In 2001, motivated to model heterogeneity, Churchill set out to “reinvent” the mouse as a tool for biology. He and his team took inbred mice that were part of the Collaborative Cross, a mouse breeding experiment that began at Oak Ridge National Laboratory. From these mice, the JAX team developed the Diversity Outbred (DO) mouse colony, which is now in its 17th generation. “It gives us basically an endless number of unique mice,” he says of the mice that the lab began selling around two years ago and that are mainly used in the academic community.

Churchill and his team genotype their DO mice and use computational modeling to maintain a steady genetic composition and also track genetic drift. They know their mice's 45 million single-nucleotide polymorphisms and 400,000 copy-number variations.
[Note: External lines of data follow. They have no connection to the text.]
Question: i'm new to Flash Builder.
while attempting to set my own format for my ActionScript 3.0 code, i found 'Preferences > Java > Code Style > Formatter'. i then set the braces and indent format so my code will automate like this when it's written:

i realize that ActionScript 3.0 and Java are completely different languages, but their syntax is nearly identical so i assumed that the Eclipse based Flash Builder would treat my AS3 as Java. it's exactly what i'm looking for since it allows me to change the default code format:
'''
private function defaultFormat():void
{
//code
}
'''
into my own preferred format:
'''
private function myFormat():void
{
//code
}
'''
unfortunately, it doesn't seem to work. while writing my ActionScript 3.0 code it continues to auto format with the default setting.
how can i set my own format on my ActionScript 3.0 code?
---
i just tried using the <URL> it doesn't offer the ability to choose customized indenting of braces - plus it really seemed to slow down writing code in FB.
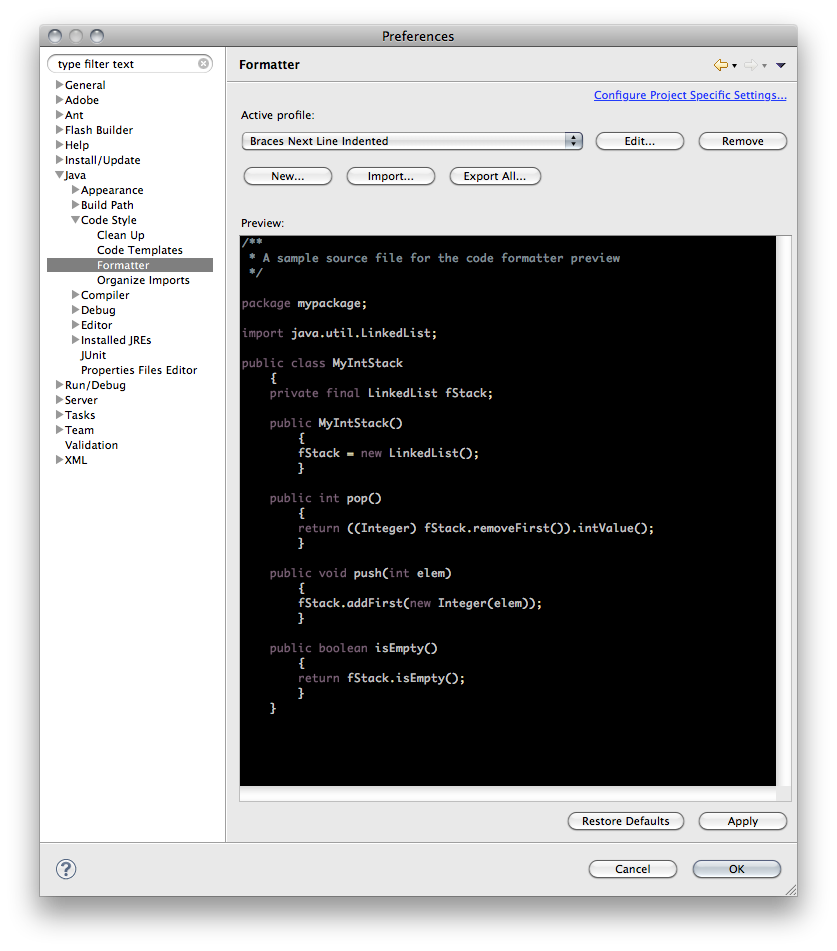
Answer: '''
Preferences > Flash Builder > Indentation > ActionScript
'''
or'''
Preferences > Flash Builder > Editors > ActionScript Code
'''
Unfortunately there's no Code Style for Flash Builder 4.5. You can use the above perferences to tweak some minor options but not the same amount of control as with Java.

To underscore his mice's genetic diversity, Churchill says that, when working with human data, scientists commonly reference around 20 million single-nucleotide polymorphisms.

Using DO mice, the JAX team has explored the side effects of the off-patent chemotherapy drug doxorubicin, which causes cardiac injury in some patients as well as a myelosuppression, which is a reduced white blood cell count. Churchill and his team have been able to recapitulate this myelosuppression in DO mice.
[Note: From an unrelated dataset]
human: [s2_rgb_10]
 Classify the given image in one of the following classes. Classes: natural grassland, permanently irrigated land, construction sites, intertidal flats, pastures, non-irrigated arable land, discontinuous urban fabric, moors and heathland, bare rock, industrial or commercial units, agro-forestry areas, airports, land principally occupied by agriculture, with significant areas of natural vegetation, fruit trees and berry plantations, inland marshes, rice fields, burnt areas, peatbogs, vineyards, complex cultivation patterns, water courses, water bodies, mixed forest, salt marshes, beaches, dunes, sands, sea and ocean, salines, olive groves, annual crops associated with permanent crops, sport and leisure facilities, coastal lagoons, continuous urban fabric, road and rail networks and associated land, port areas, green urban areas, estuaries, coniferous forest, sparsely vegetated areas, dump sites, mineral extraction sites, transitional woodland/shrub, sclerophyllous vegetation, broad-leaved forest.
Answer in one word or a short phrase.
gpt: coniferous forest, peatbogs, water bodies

Just as every patient is different, so is each mouse. Not all patients develop myelosuppression, and neither do all DO mice. “The important thing for us is that not all the mice have the same response,” he says. This variability lets the team map the genetic factors linked to susceptibility or resistance, which can eventually help explain human biology.

Although scientists can perform gene knockout experiments, it might take many of these experiments to pin down a factor involved in drug toxicity. There are advantages to starting with a biological response in a diverse population and working toward the genetics to understand the mechanism of a given susceptibility, he says.

Inbred mouse strains allow for studies with few animals. With genetically identical animals, a researcher can, for example, study the effect of two different diets. Drug testing with inbred mice, however, is a little like testing a drug on one person. “What you learned about at the end of the day is about the C57 black 6J mouse,” Churchill says, referring to a common strain—C57BL/6J—used in labs. “As opposed to learning something about mice in general.” In experiments with DO mice, diversity is accepted, even embraced, he says.

Recently, he and his team have also begun testing a dozen drug compounds that have failed clinical trials as a way to show drug developers the advantages of working with DO mice. Building diversity into experiments means larger experiments: for example, mice numbers in the low hundreds, Churchill says, to see whether a toxic reaction might occur in a small percentage of animals. Diversity, he says, is a way to capture the range of reactions one might see in a range of people.

Churchill finds it “a little dismaying” when researchers call their own experimental model the only right system. “There's no perfect model,” he says. He prefers that researchers use a variety of approaches for their complex problems and explore ways to make each model better. For the mouse, in his view, improvement comes from diversity.

Techniques such as gene editing will prove useful for in vitro and in vivo models, says Garraway, but regardless of technique, a researcher's model choice reverts to the scientific question. Cell lines can be “just fine or even better because of the scalability,” he says, allowing for many more experiments than are typically possible in mice. For other questions, mouse models are going to be superior. “Hopefully,” says Garraway, “we can move beyond the 'my system is better than your system' kind of world.”